## Exercise material:
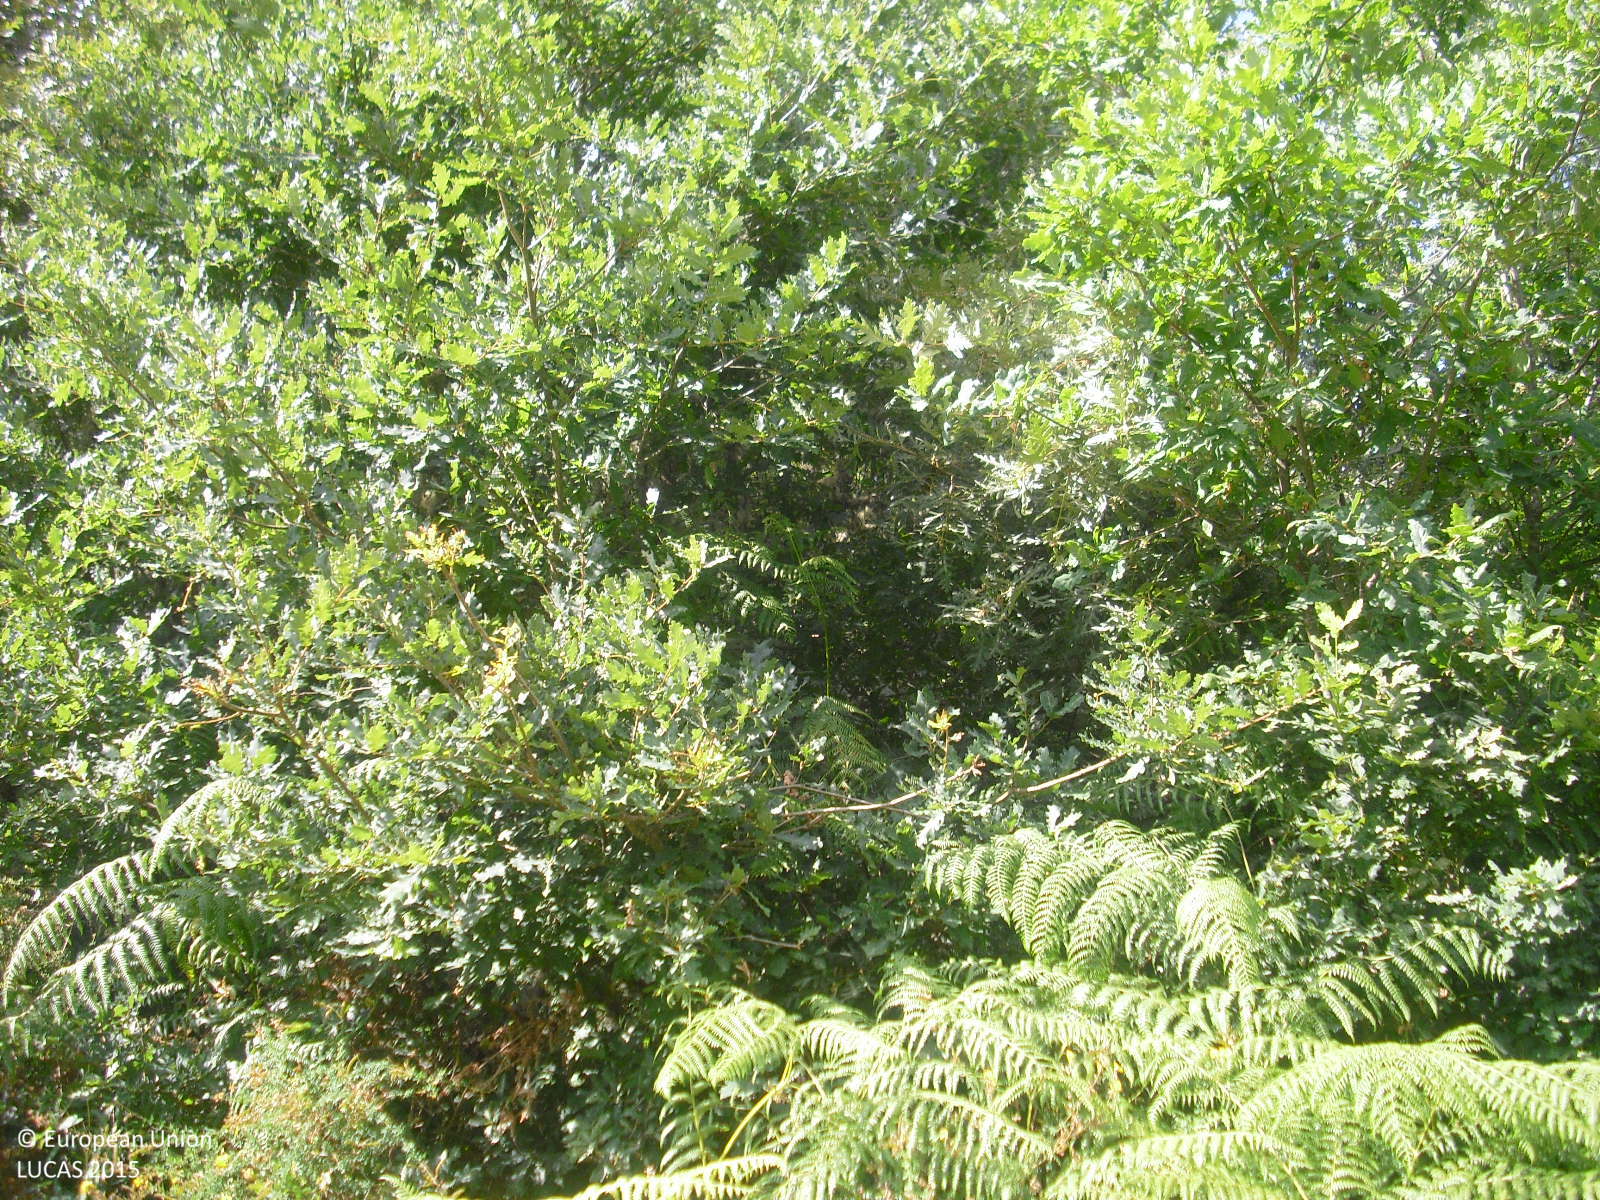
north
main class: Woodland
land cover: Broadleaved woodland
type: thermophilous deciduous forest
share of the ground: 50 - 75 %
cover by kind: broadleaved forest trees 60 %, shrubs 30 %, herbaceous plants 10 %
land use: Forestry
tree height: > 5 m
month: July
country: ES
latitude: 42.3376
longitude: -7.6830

## What is being asked:
Give again the lines from the line holding "main class: Woodland" through the close of the listing, both included, exactly as written and with nothing else.

## Solution below:
main class: Woodland
land cover: Broadleaved woodland
type: thermophilous deciduous forest
share of the ground: 50 - 75 %
cover by kind: broadleaved forest trees 60 %, shrubs 30 %, herbaceous plants 10 %
land use: Forestry
tree height: > 5 m
month: July
country: ES
latitude: 42.3376
longitude: -7.6830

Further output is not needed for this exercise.